PHP and MySQL: going fully UTF-8 for real
I known, PHP ain't pretty. But I use it, and many people do. Here is a quick description of how to use UTF-8 everywhere for real and stop worrying about encoding problems. This post is mostly a reminder for my future self, but since it could also be useful to other people I thought I would blog it.
Let's start with MySQL. First, tell MySQL to use utf-8 internally by adding
those two lines in the [mysqld]
section of your
"my.cnf" configuration file (which is in /etc/mysql under Debian).

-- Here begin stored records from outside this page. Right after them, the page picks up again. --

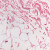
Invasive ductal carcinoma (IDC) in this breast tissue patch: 0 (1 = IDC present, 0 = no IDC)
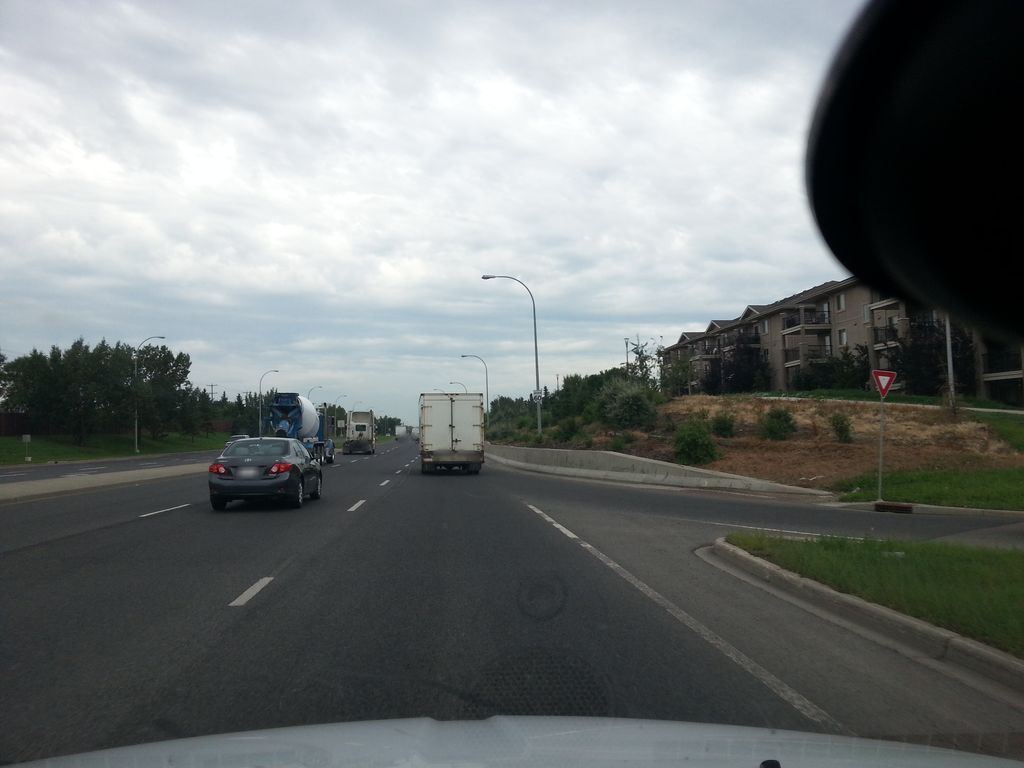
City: edmonton
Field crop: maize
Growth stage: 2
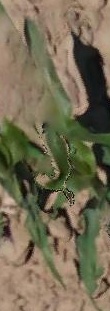
Species: maize
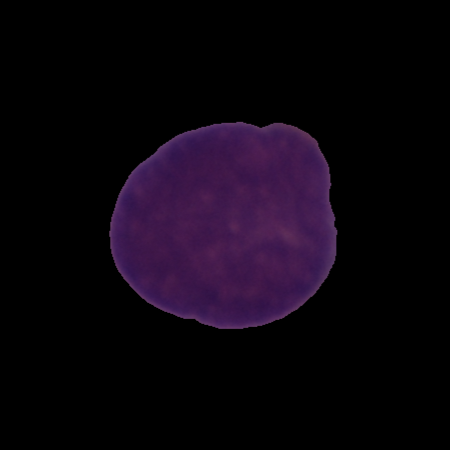
Label: cancer
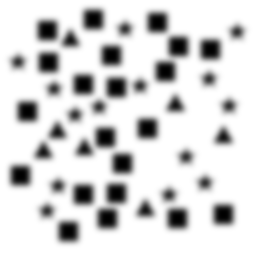
Squares: 21
Triangles: 7
Stars: 14
Total shapes: 42
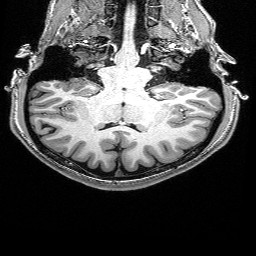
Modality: T1w
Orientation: sagittal

collation_server = utf8_unicode_ci character_set_server = utf8
Then restart your MySQL server. When you start interacting with it, start with this two queries (put them at the beginning of your sql scripts):
SET NAMES 'utf8'; CHARSET 'utf8';
Now when you create your database also tell MySQL to use UTF-8 as the default charset for the database:
CREATE DATABASE `my_db` DEFAULT CHARACTER SET 'utf8';
Also when you create tables, don't forget to specify UTF-8 as the default charset:
CREATE TABLE `my_table` ( -- ... ) ENGINE=InnoDB DEFAULT CHARSET=utf8;
Now on the PHP side, each time you open a connection to your MySQL database,
tell MySQL to use UTF-8 for the connection. This can be done by executing the
same SET NAMES
query as before, or using a function/methods
which does this depending on what you use to connect fo MySQL from PHP. I
personnaly have a wrapper class for PHP's mysql_*
functions so I
do something like this:
mysql_set_charset('utf8', $connection);
Where $connection
has been returned by a call
to mysql_connect
or mysql_pconnect
.
Here is a simple function which tries to encode a string as UTF-8 if it is not already encoded that way, to use on strings submitted by your users through forms:
function u ($str) { if (($encoding = mb_detect_encoding($str)) === false) return mb_convert_encoding($str, 'UTF-8', 'auto'); if ($encoding == 'UTF-8') return $str; return mb_convert_encoding($str, 'UTF-8', $encoding); }
Now to serve the webpages as UTF-8 we need to tell the browsers about the charset using HTTP headers:
header('Content-type: text/html; charset=utf-8');
Saying it again in the HTML <header>
section can't do any
harm:
<meta http-equiv="Content-type" content="text/html; charset=utf-8" />
Then don't forget to tell the browser to also submit forms using UTF-8 (it should do so already because it's the page encoding, but once again, it can't do any harm to specify it one more time):
<form accept-charset="UTF-8" ...>
And this is it! Of course you have to edit your file with a unicode compliant
editor (Emacs!), use a unicode terminal (urxvt!), tell your shell to use
UTF-8 in your LANG
environment variable and also tell screen (if
you use it) to use unicode by adding the line encoding UTF-8
in
your ".screenrc".
If you still have encoding problems now, quit using those extra-terrestrial alphabets.